Apple cofounder Steve Jobs once said “People did not know what they want, but we’ll show them” [1]. Mr Jobs’ vision for enhancing our lives was laudable – but do you think he considered the cost of his choices on young people? One could easily argue he, or Apple, did not. Just watch the scene in Apple’s “Love” TV commercial where a young boy’s room is brightly lit at night by the glow of his iPad 2. Sure he is loving his iPad, but when does he put it down to go to bed? How does he sleep afterward?

We should not be too unfair on Apple’s iconic inventor, for in the early 2000s, parents were advised to position computer screens in areas visible by all [2]. This was when home Internet was hardwired – before domestic Wi-Fi made it possible for Apple to develop iDevices that can be placed in any corner of the household (including the bedroom, which can lead to its use after lights off [36]). But more than a decade beyond the invention of Wi-Fi, with the introduction of touch screen “gorilla glass” in iPads and iPods (and associated copycat devices), is there a cost of this accelerated technology on young people’s sleep?

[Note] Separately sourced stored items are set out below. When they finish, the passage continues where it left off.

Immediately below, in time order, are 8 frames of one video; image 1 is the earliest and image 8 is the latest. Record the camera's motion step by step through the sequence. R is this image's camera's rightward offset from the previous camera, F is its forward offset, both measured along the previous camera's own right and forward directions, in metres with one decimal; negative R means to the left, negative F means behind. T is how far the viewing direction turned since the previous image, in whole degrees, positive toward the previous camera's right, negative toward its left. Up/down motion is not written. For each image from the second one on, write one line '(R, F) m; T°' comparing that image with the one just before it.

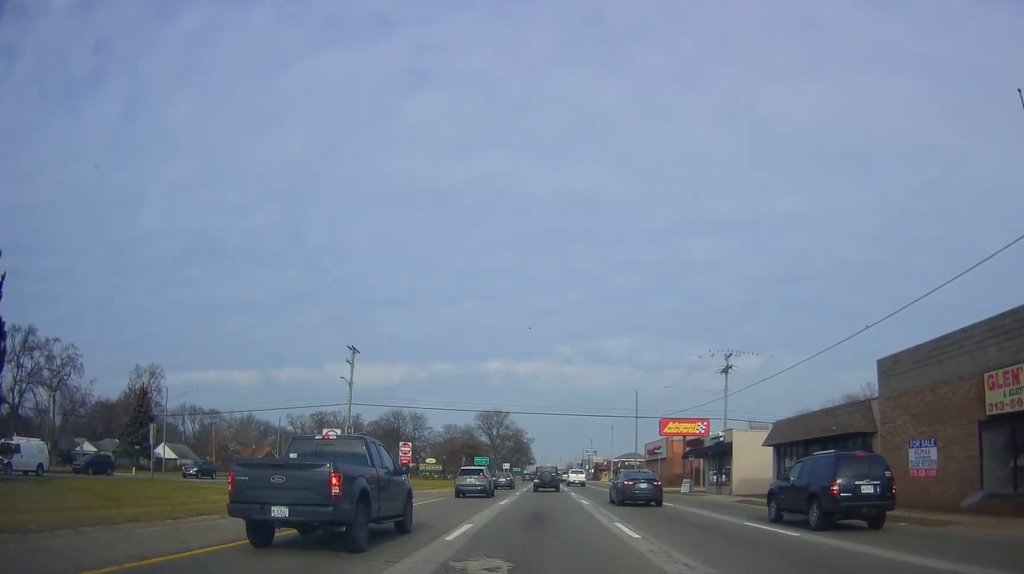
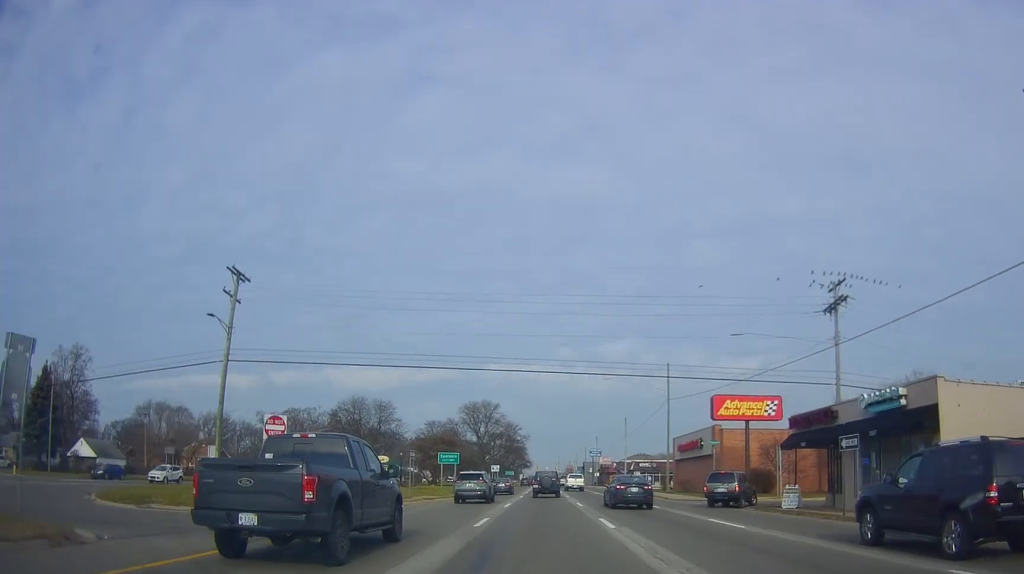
(-0.3, +23.6) m; +1°
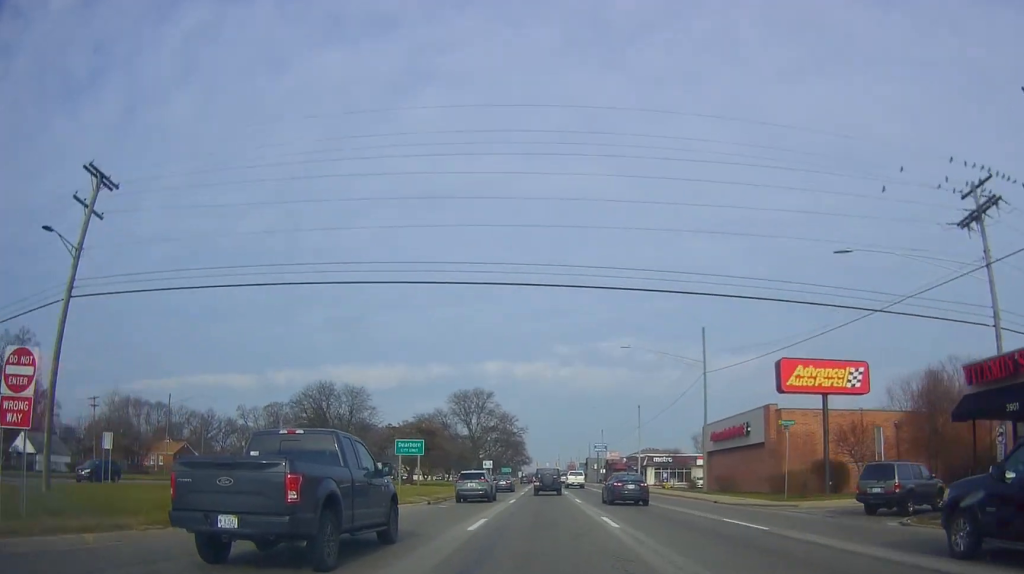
(+0.6, +14.5) m; 0°
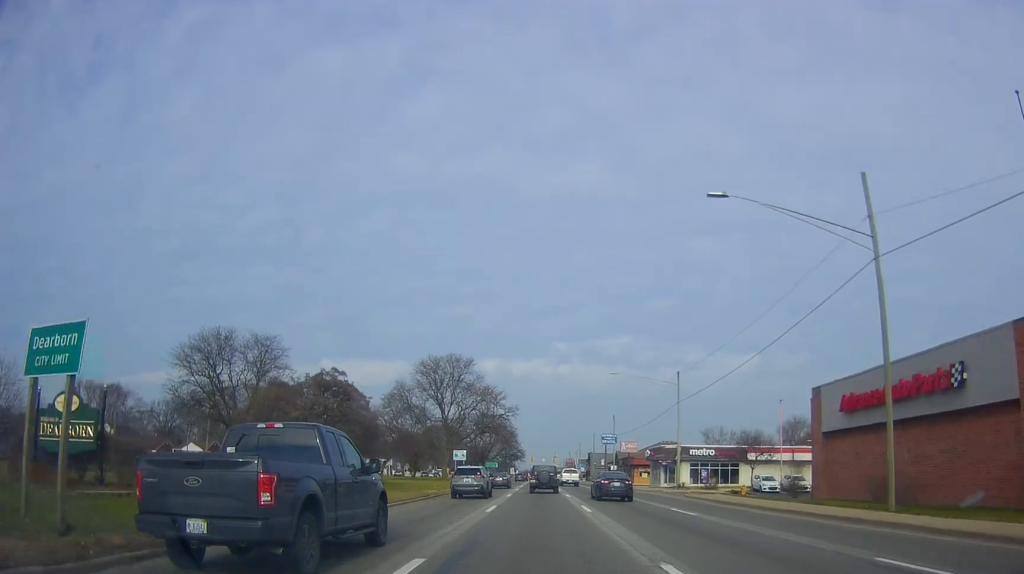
(-0.5, +27.4) m; 0°
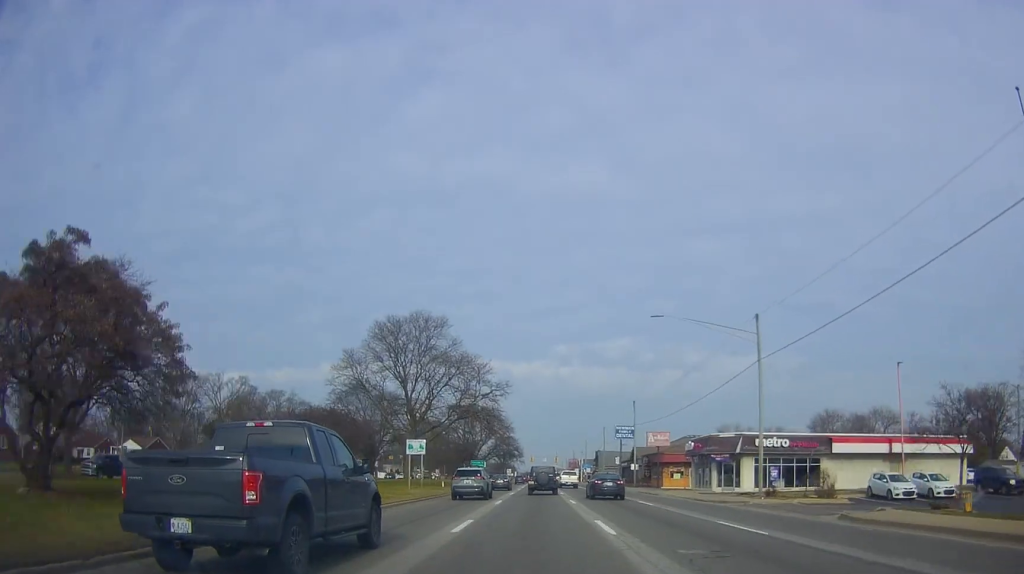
(+0.7, +22.7) m; +2°
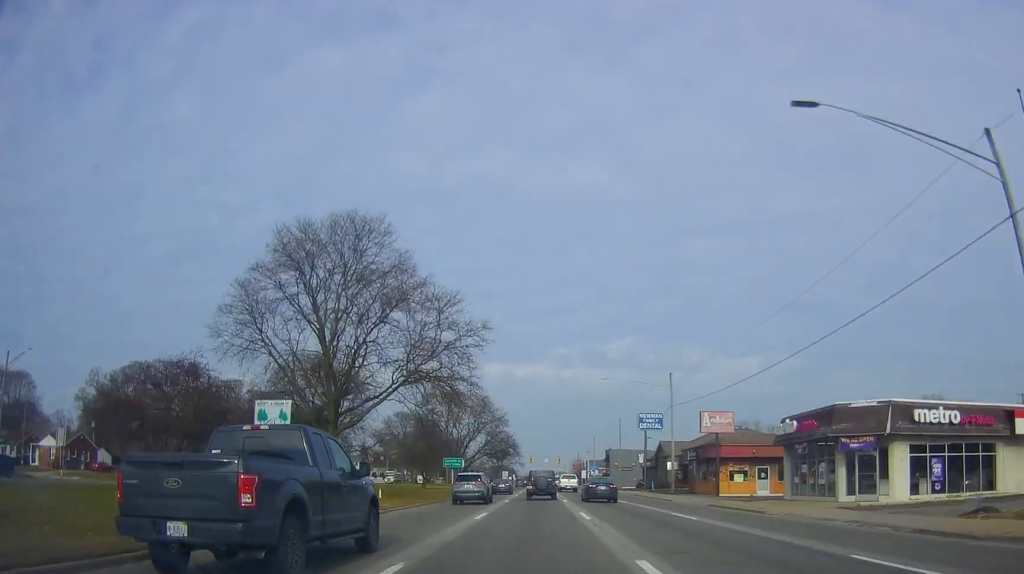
(-0.2, +23.1) m; -1°
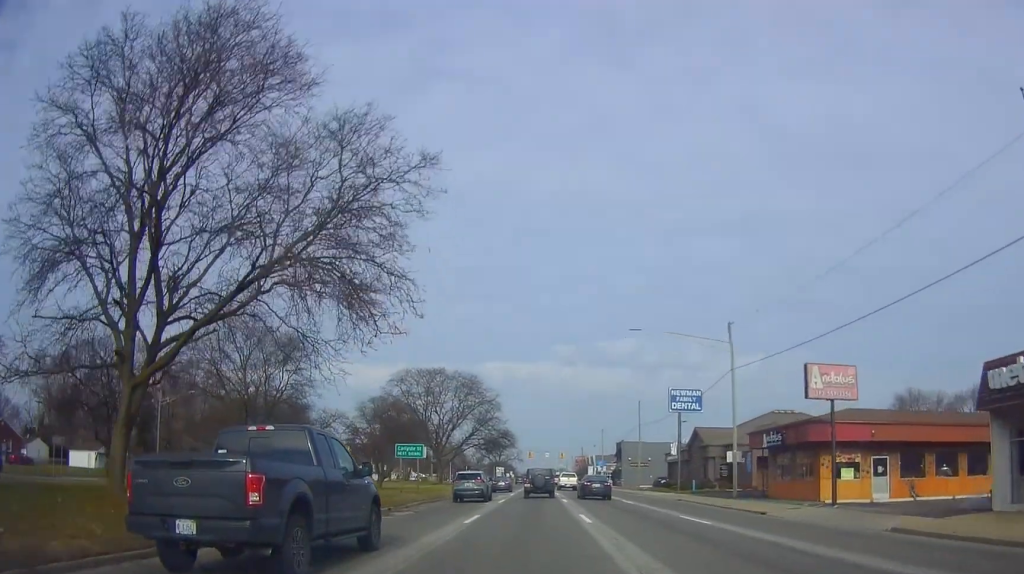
(-0.1, +19.1) m; 0°
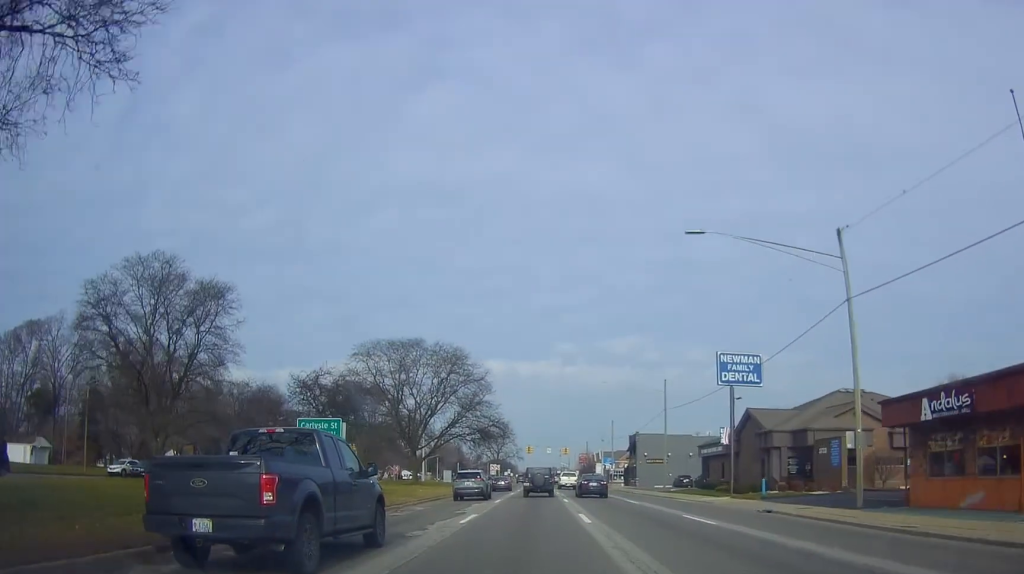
(+0.1, +16.3) m; -1°
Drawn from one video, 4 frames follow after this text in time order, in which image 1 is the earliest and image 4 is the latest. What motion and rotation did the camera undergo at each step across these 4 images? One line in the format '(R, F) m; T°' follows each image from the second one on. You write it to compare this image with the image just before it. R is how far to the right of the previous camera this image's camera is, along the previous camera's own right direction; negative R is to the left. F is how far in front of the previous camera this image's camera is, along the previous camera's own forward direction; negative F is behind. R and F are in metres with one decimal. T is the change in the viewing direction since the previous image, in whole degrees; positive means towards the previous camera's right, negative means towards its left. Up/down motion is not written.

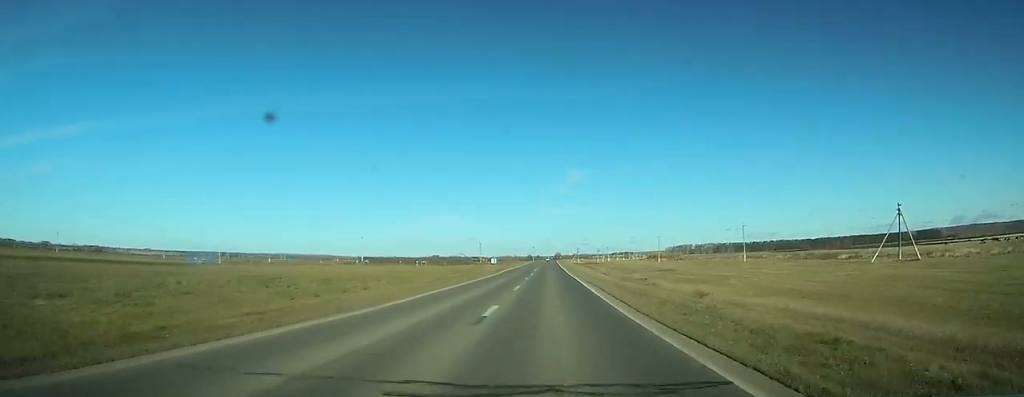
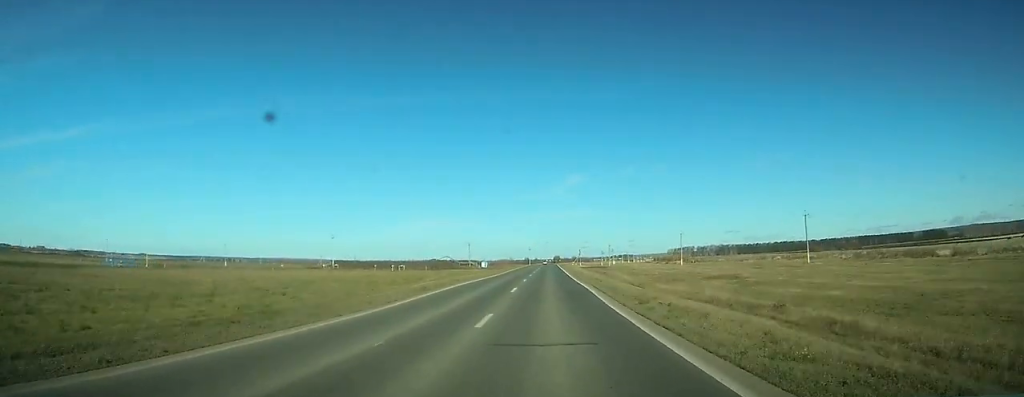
(-0.1, +36.5) m; 0°
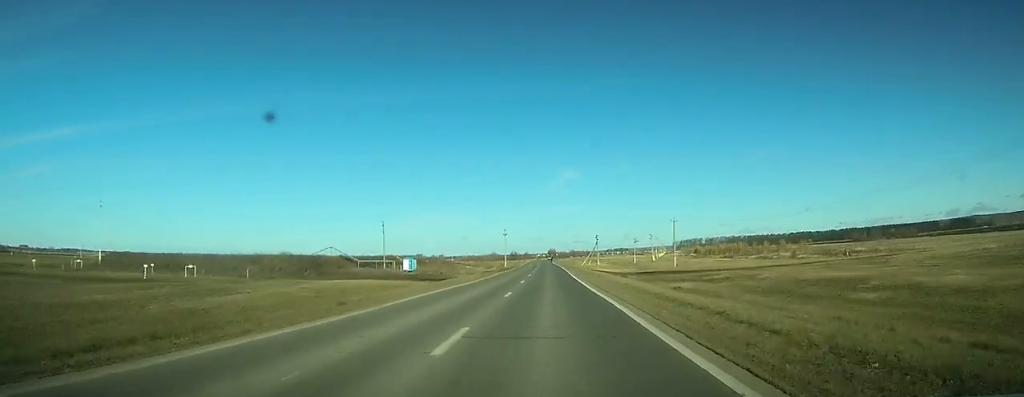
(+0.4, +135.1) m; +1°
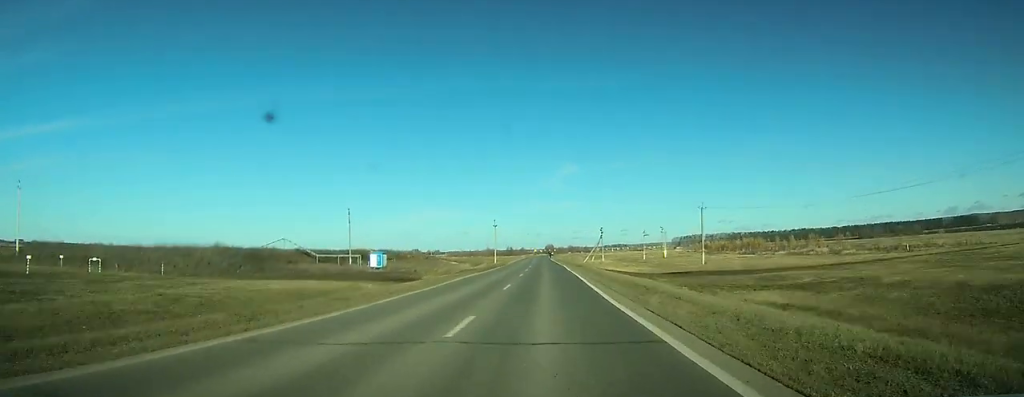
(+0.1, +22.1) m; 0°

This chapter can only provide a snapshot in time of what we now know, but it does not pretend to assume that we know it all. Apple spent $1.68 billion in the 2014 September quarter on research and development [7], and Samsung invested $13.4 billion in 2013 [8], yet when one reviews the scientific literature of investigations into the harms to sleep health from technology use, the funding for such science pales in comparison. We will learn more over the next decade as the research attempts to catch up to the advances in technology. But what we aim to achieve in this chapter is to (1) convey what the data are currently telling us about the relationship between technology use and young people’s sleepFootnote 1 (you may be surprised) and thus (2) provide direction to researchers for where future research should be focused.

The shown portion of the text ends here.